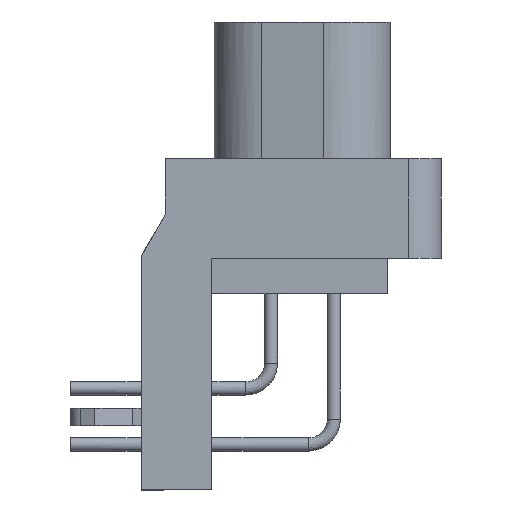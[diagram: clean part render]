
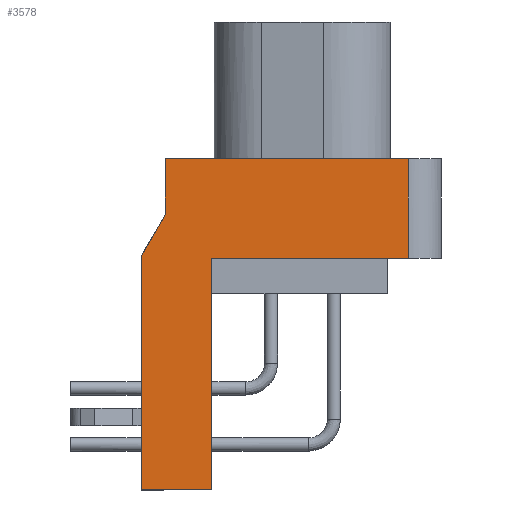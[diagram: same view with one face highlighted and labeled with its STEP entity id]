
A CAD part, left-side view. The second image highlights one B-rep face of the part: STEP entity #3578.
In plain terms, the highlighted free-form (B-spline) face has degree [1, 1] with [2, 2] control points.
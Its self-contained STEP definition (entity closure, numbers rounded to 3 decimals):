
#3305=CARTESIAN_POINT('V1',(-26.6,3.8,
   -14.5));
#3306=VERTEX_POINT('V1',#3305);
#3312=CARTESIAN_POINT('V3',(-26.6,3.8,
   -3.905));
#3313=VERTEX_POINT('V3',#3312);
#3314=CARTESIAN_POINT('E2',(-26.6,3.8,
   -3.905));
#3315=CARTESIAN_POINT('E2',(-26.6,3.8,
   -14.5));
#3316=QUASI_UNIFORM_CURVE('E2',1,(#3314,#3315),.POLYLINE_FORM.,.F.,
   .U.);
#3317=EDGE_CURVE('E2',#3313,#3306,#3316,.T.);
#3359=CARTESIAN_POINT('V29',(-26.6,0.6,
   -14.5));
#3360=VERTEX_POINT('V29',#3359);
#3368=CARTESIAN_POINT('E152',(-26.6,3.8,
   -14.5));
#3369=CARTESIAN_POINT('E152',(-26.6,0.6,
   -14.5));
#3370=QUASI_UNIFORM_CURVE('E152',1,(#3368,#3369),.POLYLINE_FORM.,.F.,
   .U.);
#3371=EDGE_CURVE('E152',#3306,#3360,#3370,.T.);
#3421=CARTESIAN_POINT('V40',(-26.6,0.6,
   -4.0));
#3422=VERTEX_POINT('V40',#3421);
#3428=CARTESIAN_POINT('E40',(-26.6,0.6,
   -14.5));
#3429=CARTESIAN_POINT('E40',(-26.6,0.6,
   -4.0));
#3430=QUASI_UNIFORM_CURVE('E40',1,(#3428,#3429),.POLYLINE_FORM.,.F.,
   .U.);
#3431=EDGE_CURVE('E40',#3360,#3422,#3430,.T.);
#3494=CARTESIAN_POINT('V107',(-26.6,2.7,
   -2.0));
#3495=VERTEX_POINT('V107',#3494);
#3496=CARTESIAN_POINT('E151',(-26.6,2.7,
   -2.0));
#3497=CARTESIAN_POINT('E151',(-26.6,3.8,
   -3.905));
#3498=QUASI_UNIFORM_CURVE('E151',1,(#3496,#3497),.POLYLINE_FORM.,.F.,
   .U.);
#3499=EDGE_CURVE('E151',#3495,#3313,#3498,.T.);
#3524=CARTESIAN_POINT('V108',(-26.6,2.7,
   0.5));
#3525=VERTEX_POINT('V108',#3524);
#3526=CARTESIAN_POINT('E145',(-26.6,2.7,
   -2.0));
#3527=CARTESIAN_POINT('E145',(-26.6,2.7,
   0.5));
#3528=QUASI_UNIFORM_CURVE('E145',1,(#3526,#3527),.POLYLINE_FORM.,.F.,
   .U.);
#3529=EDGE_CURVE('E145',#3495,#3525,#3528,.T.);
#3547=CARTESIAN_POINT('F50',(-26.6,4.58,
   -15.325));
#3548=CARTESIAN_POINT('F50',(-26.6,-10.58,
   -15.325));
#3549=CARTESIAN_POINT('F50',(-26.6,4.58,
   0.825));
#3550=CARTESIAN_POINT('F50',(-26.6,-10.58,
   0.825));
#3551=QUASI_UNIFORM_SURFACE('F50',1,1,((#3547,#3549),(#3548,#3550))
,.PLANE_SURF.,.F.,.F.,.U.);
#3552=CARTESIAN_POINT('V111',(-26.6,-8.3,
   0.5));
#3553=VERTEX_POINT('V111',#3552);
#3554=CARTESIAN_POINT('V112',(-26.6,-8.3,
   -4.0));
#3555=VERTEX_POINT('V112',#3554);
#3556=CARTESIAN_POINT('E149',(-26.6,-8.3,
   0.5));
#3557=CARTESIAN_POINT('E149',(-26.6,-8.3,
   -4.0));
#3558=QUASI_UNIFORM_CURVE('E149',1,(#3556,#3557),.POLYLINE_FORM.,.F.,
   .U.);
#3559=EDGE_CURVE('E149',#3553,#3555,#3558,.T.);
#3560=ORIENTED_EDGE('E149',*,*,#3559,.F.);
#3561=CARTESIAN_POINT('E150',(-26.6,-8.3,
   0.5));
#3562=CARTESIAN_POINT('E150',(-26.6,2.7,
   0.5));
#3563=B_SPLINE_CURVE_WITH_KNOTS('E150',1,(#3561,#3562),
   .POLYLINE_FORM.,.F.,.U.,(2,2),(0.0,22.0),.UNSPECIFIED.);
#3564=EDGE_CURVE('E150',#3553,#3525,#3563,.T.);
#3565=ORIENTED_EDGE('E150',*,*,#3564,.T.);
#3566=ORIENTED_EDGE('E145',*,*,#3529,.F.);
#3567=ORIENTED_EDGE('E151',*,*,#3499,.T.);
#3568=ORIENTED_EDGE('E2',*,*,#3317,.T.);
#3569=ORIENTED_EDGE('E152',*,*,#3371,.T.);
#3570=ORIENTED_EDGE('F3',*,*,#3431,.T.);
#3571=CARTESIAN_POINT('E153',(-26.6,0.6,
   -4.0));
#3572=CARTESIAN_POINT('E153',(-26.6,-8.3,
   -4.0));
#3573=B_SPLINE_CURVE_WITH_KNOTS('E153',1,(#3571,#3572),
   .POLYLINE_FORM.,.F.,.U.,(2,2),(0.144,1.0),
   .UNSPECIFIED.);
#3574=EDGE_CURVE('E153',#3422,#3555,#3573,.T.);
#3575=ORIENTED_EDGE('E153',*,*,#3574,.T.);
#3576=EDGE_LOOP('F50',(#3560,#3565,#3566,#3567,#3568,#3569,#3570,
   #3575));
#3577=FACE_OUTER_BOUND('F50',#3576,.T.);
#3578=ADVANCED_FACE('F50',(#3577),#3551,.T.);
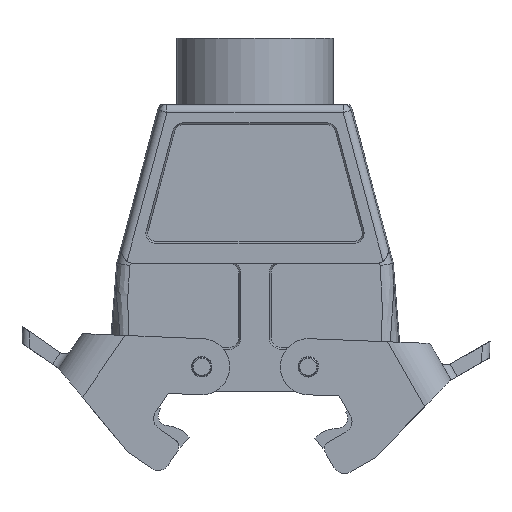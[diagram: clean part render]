
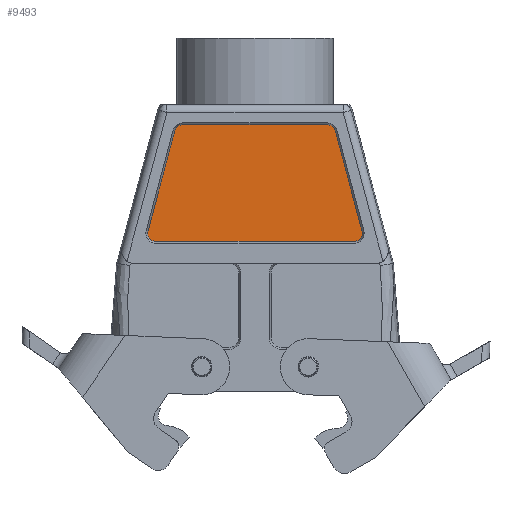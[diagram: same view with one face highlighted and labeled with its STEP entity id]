
A CAD part, front view. The second image highlights one B-rep face of the part: STEP entity #9493.
In plain terms, the highlighted planar face has unit normal (0, -1, 0).
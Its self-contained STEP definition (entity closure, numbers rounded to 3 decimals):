
#9418=CARTESIAN_POINT('',(18.027,-21.25,55.35));
#9419=DIRECTION('',(0.0,1.0,0.0));
#9420=DIRECTION('',(0.0,0.0,1.0));
#9421=AXIS2_PLACEMENT_3D('',#9418,#9419,#9420);
#9422=PLANE('',#9421);
#9423=CARTESIAN_POINT('',(26.701,-21.25,30.879));
#9424=VERTEX_POINT('',#9423);
#9425=CARTESIAN_POINT('',(20.002,-21.25,55.879));
#9426=VERTEX_POINT('',#9425);
#9427=CARTESIAN_POINT('',(26.701,-21.25,30.879));
#9428=DIRECTION('',(-0.259,0.0,0.966));
#9429=VECTOR('',#9428,25.882);
#9430=LINE('',#9427,#9429);
#9431=EDGE_CURVE('',#9424,#9426,#9430,.T.);
#9432=ORIENTED_EDGE('',*,*,#9431,.T.);
#9433=CARTESIAN_POINT('',(18.027,-21.25,57.395));
#9434=VERTEX_POINT('',#9433);
#9435=CARTESIAN_POINT('',(18.027,-21.25,55.35));
#9436=DIRECTION('',(0.0,-1.0,0.0));
#9437=DIRECTION('',(0.0,0.0,1.0));
#9438=AXIS2_PLACEMENT_3D('',#9435,#9436,#9437);
#9439=CIRCLE('',#9438,2.045);
#9440=EDGE_CURVE('',#9426,#9434,#9439,.T.);
#9441=ORIENTED_EDGE('',*,*,#9440,.T.);
#9442=CARTESIAN_POINT('',(-18.027,-21.25,57.395));
#9443=VERTEX_POINT('',#9442);
#9444=CARTESIAN_POINT('',(-18.027,-21.25,57.395));
#9445=DIRECTION('',(1.0,0.0,0.0));
#9446=VECTOR('',#9445,36.054);
#9447=LINE('',#9444,#9446);
#9448=EDGE_CURVE('',#9443,#9434,#9447,.T.);
#9449=ORIENTED_EDGE('',*,*,#9448,.F.);
#9450=CARTESIAN_POINT('',(-20.002,-21.25,55.879));
#9451=VERTEX_POINT('',#9450);
#9452=CARTESIAN_POINT('',(-18.027,-21.25,55.35));
#9453=DIRECTION('',(0.0,1.0,0.0));
#9454=DIRECTION('',(0.0,0.0,1.0));
#9455=AXIS2_PLACEMENT_3D('',#9452,#9453,#9454);
#9456=CIRCLE('',#9455,2.045);
#9457=EDGE_CURVE('',#9451,#9443,#9456,.T.);
#9458=ORIENTED_EDGE('',*,*,#9457,.F.);
#9459=CARTESIAN_POINT('',(-26.701,-21.25,30.879));
#9460=VERTEX_POINT('',#9459);
#9461=CARTESIAN_POINT('',(-26.701,-21.25,30.879));
#9462=DIRECTION('',(0.259,0.0,0.966));
#9463=VECTOR('',#9462,25.882);
#9464=LINE('',#9461,#9463);
#9465=EDGE_CURVE('',#9460,#9451,#9464,.T.);
#9466=ORIENTED_EDGE('',*,*,#9465,.F.);
#9467=CARTESIAN_POINT('',(-24.726,-21.25,28.305));
#9468=VERTEX_POINT('',#9467);
#9469=CARTESIAN_POINT('',(-24.726,-21.25,30.35));
#9470=DIRECTION('',(0.0,-1.0,0.0));
#9471=DIRECTION('',(0.0,0.0,1.0));
#9472=AXIS2_PLACEMENT_3D('',#9469,#9470,#9471);
#9473=CIRCLE('',#9472,2.045);
#9474=EDGE_CURVE('',#9460,#9468,#9473,.T.);
#9475=ORIENTED_EDGE('',*,*,#9474,.T.);
#9476=CARTESIAN_POINT('',(24.726,-21.25,28.305));
#9477=VERTEX_POINT('',#9476);
#9478=CARTESIAN_POINT('',(-24.726,-21.25,28.305));
#9479=DIRECTION('',(1.0,0.0,0.0));
#9480=VECTOR('',#9479,49.452);
#9481=LINE('',#9478,#9480);
#9482=EDGE_CURVE('',#9468,#9477,#9481,.T.);
#9483=ORIENTED_EDGE('',*,*,#9482,.T.);
#9484=CARTESIAN_POINT('',(24.726,-21.25,30.35));
#9485=DIRECTION('',(0.0,-1.0,0.0));
#9486=DIRECTION('',(0.0,0.0,1.0));
#9487=AXIS2_PLACEMENT_3D('',#9484,#9485,#9486);
#9488=CIRCLE('',#9487,2.045);
#9489=EDGE_CURVE('',#9477,#9424,#9488,.T.);
#9490=ORIENTED_EDGE('',*,*,#9489,.T.);
#9491=EDGE_LOOP('',(#9432,#9441,#9449,#9458,#9466,#9475,#9483,#9490));
#9492=FACE_OUTER_BOUND('',#9491,.T.);
#9493=ADVANCED_FACE('',(#9492),#9422,.F.);
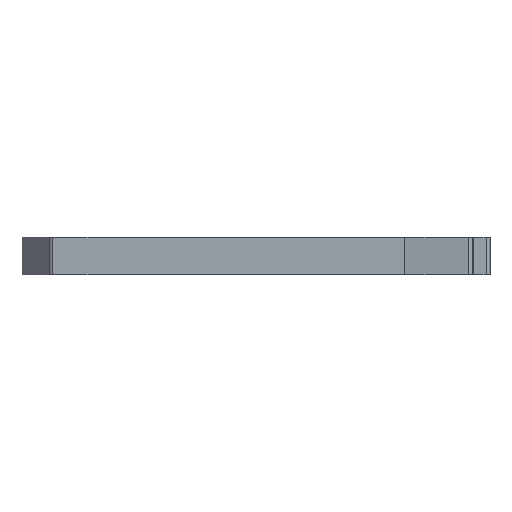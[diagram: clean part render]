
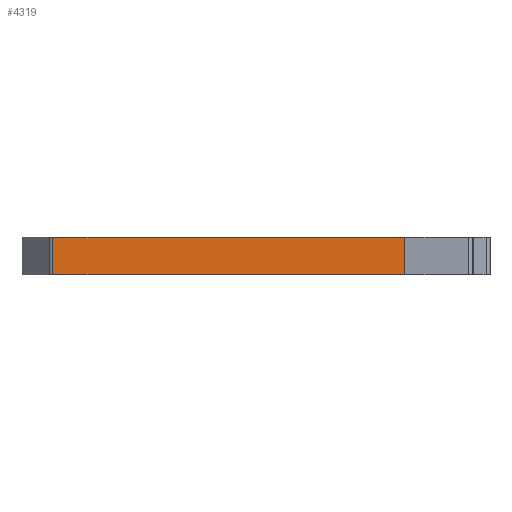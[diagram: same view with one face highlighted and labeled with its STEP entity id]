
A CAD part, front view. The second image highlights one B-rep face of the part: STEP entity #4319.
In plain terms, the highlighted planar face has unit normal (0, -1, 0).
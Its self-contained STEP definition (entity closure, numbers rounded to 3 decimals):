
#160=PLANE('',#4673);
#355=FACE_OUTER_BOUND('',#585,.T.);
#585=EDGE_LOOP('',(#3685,#3686,#3687,#3688));
#723=LINE('',#6113,#1229);
#994=LINE('',#6813,#1500);
#1083=LINE('',#7032,#1589);
#1084=LINE('',#7034,#1590);
#1229=VECTOR('',#4869,10.);
#1500=VECTOR('',#5416,10.);
#1589=VECTOR('',#5651,10.);
#1590=VECTOR('',#5654,10.);
#1877=VERTEX_POINT('',#6110);
#1878=VERTEX_POINT('',#6112);
#2168=VERTEX_POINT('',#6810);
#2169=VERTEX_POINT('',#6812);
#2313=EDGE_CURVE('',#1877,#1878,#723,.T.);
#2664=EDGE_CURVE('',#2168,#2169,#994,.T.);
#2781=EDGE_CURVE('',#1878,#2168,#1083,.T.);
#2782=EDGE_CURVE('',#1877,#2169,#1084,.T.);
#3685=ORIENTED_EDGE('',*,*,#2781,.F.);
#3686=ORIENTED_EDGE('',*,*,#2313,.F.);
#3687=ORIENTED_EDGE('',*,*,#2782,.T.);
#3688=ORIENTED_EDGE('',*,*,#2664,.F.);
#4319=ADVANCED_FACE('',(#355),#160,.F.);
#4673=AXIS2_PLACEMENT_3D('',#7033,#5652,#5653);
#4869=DIRECTION('',(-1.,0.,0.));
#5416=DIRECTION('',(1.,0.,0.));
#5651=DIRECTION('',(0.,0.,1.));
#5652=DIRECTION('center_axis',(0.,1.,0.));
#5653=DIRECTION('ref_axis',(-1.,0.,0.));
#5654=DIRECTION('',(0.,0.,1.));
#6110=CARTESIAN_POINT('',(-31.858,-133.258,-2.));
#6112=CARTESIAN_POINT('',(-125.023,-133.258,-2.));
#6113=CARTESIAN_POINT('',(-51.6,-133.258,-2.));
#6810=CARTESIAN_POINT('',(-125.023,-133.258,7.9));
#6812=CARTESIAN_POINT('',(-31.858,-133.258,7.9));
#6813=CARTESIAN_POINT('',(-51.6,-133.258,7.9));
#7032=CARTESIAN_POINT('',(-125.023,-133.258,0.));
#7033=CARTESIAN_POINT('Origin',(-31.858,-133.258,0.));
#7034=CARTESIAN_POINT('',(-31.858,-133.258,0.));
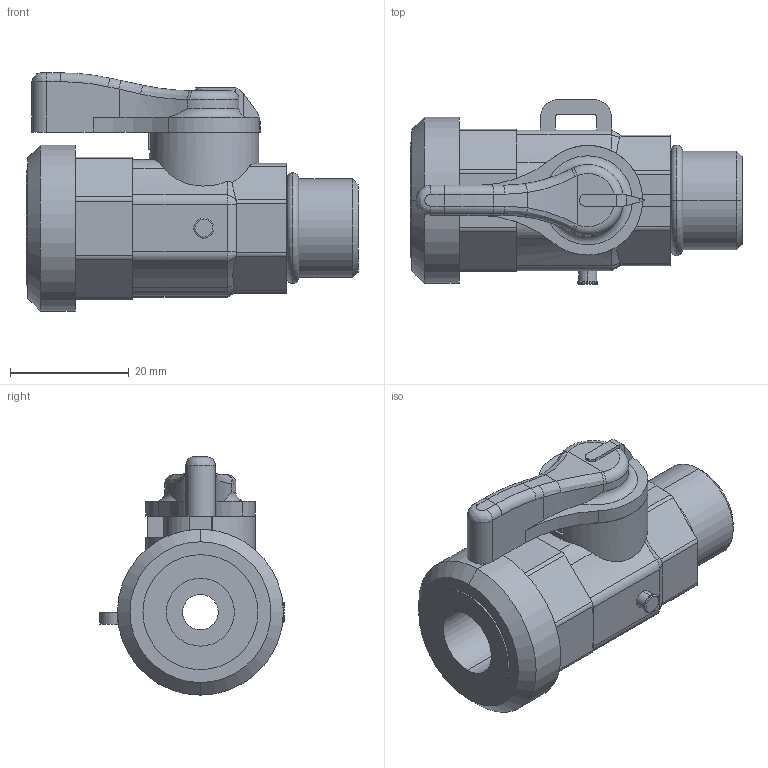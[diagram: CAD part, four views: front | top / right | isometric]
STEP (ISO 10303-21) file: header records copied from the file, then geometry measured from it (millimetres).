
FILE_DESCRIPTION(('STEP AP214'),'1');
FILE_NAME('cctmp_8CDB059C-77A3-4A8E-AF9B-C9968B7FA176_2018_12_6_15_4_42_924..stp','2018-12-06T14:04:43',('Praher Valves GmbH'),('CADClick - www.CADClick.com'),'Spatial InterOp 3D',' ','unknown authorization');
FILE_SCHEMA(('AUTOMOTIVE_DESIGN'));
Length unit declared in the file: millimetre
Products named in the file (1): 2018_12_06__15-04-42-924
Bounding box: 56 x 31.16 x 40.2 mm (x, y, z)
Volume: 24414.5 mm3; surface area: 8321 mm2
Topology: 1 solids, 1 shells, 195 faces, 511 edges, 326 vertices
Faces by surface type: cylinder 86, plane 70, cone 17, torus 15, bspline 7
Entity records: 9001 total; most frequent: CARTESIAN_POINT 1901, ORIENTED_EDGE 1022, DIRECTION 995, EDGE_CURVE 511, AXIS2_PLACEMENT_3D 370, STYLED_ITEM 345, PRESENTATION_STYLE_ASSIGNMENT 345, COLOUR_RGB 345

----------

**Exercise**: All lines from the start of the entries above through the line containing "#3317=EDGE_CURVE('E2',#3313,#3306,#3316,.T.);" must be transcribed exactly, both ends included, and no picture may be copied.

**Result of the task**:
[diagram: clean part render]
[diagram: same view with one face highlighted and labeled with its STEP entity id]
A CAD part, left-side view. The second image highlights one B-rep face of the part: STEP entity #3578.
In plain terms, the highlighted free-form (B-spline) face has degree [1, 1] with [2, 2] control points.
Its self-contained STEP definition (entity closure, numbers rounded to 3 decimals):
#3305=CARTESIAN_POINT('V1',(-26.6,3.8,
   -14.5));
#3306=VERTEX_POINT('V1',#3305);
#3312=CARTESIAN_POINT('V3',(-26.6,3.8,
   -3.905));
#3313=VERTEX_POINT('V3',#3312);
#3314=CARTESIAN_POINT('E2',(-26.6,3.8,
   -3.905));
#3315=CARTESIAN_POINT('E2',(-26.6,3.8,
   -14.5));
#3316=QUASI_UNIFORM_CURVE('E2',1,(#3314,#3315),.POLYLINE_FORM.,.F.,
   .U.);
#3317=EDGE_CURVE('E2',#3313,#3306,#3316,.T.);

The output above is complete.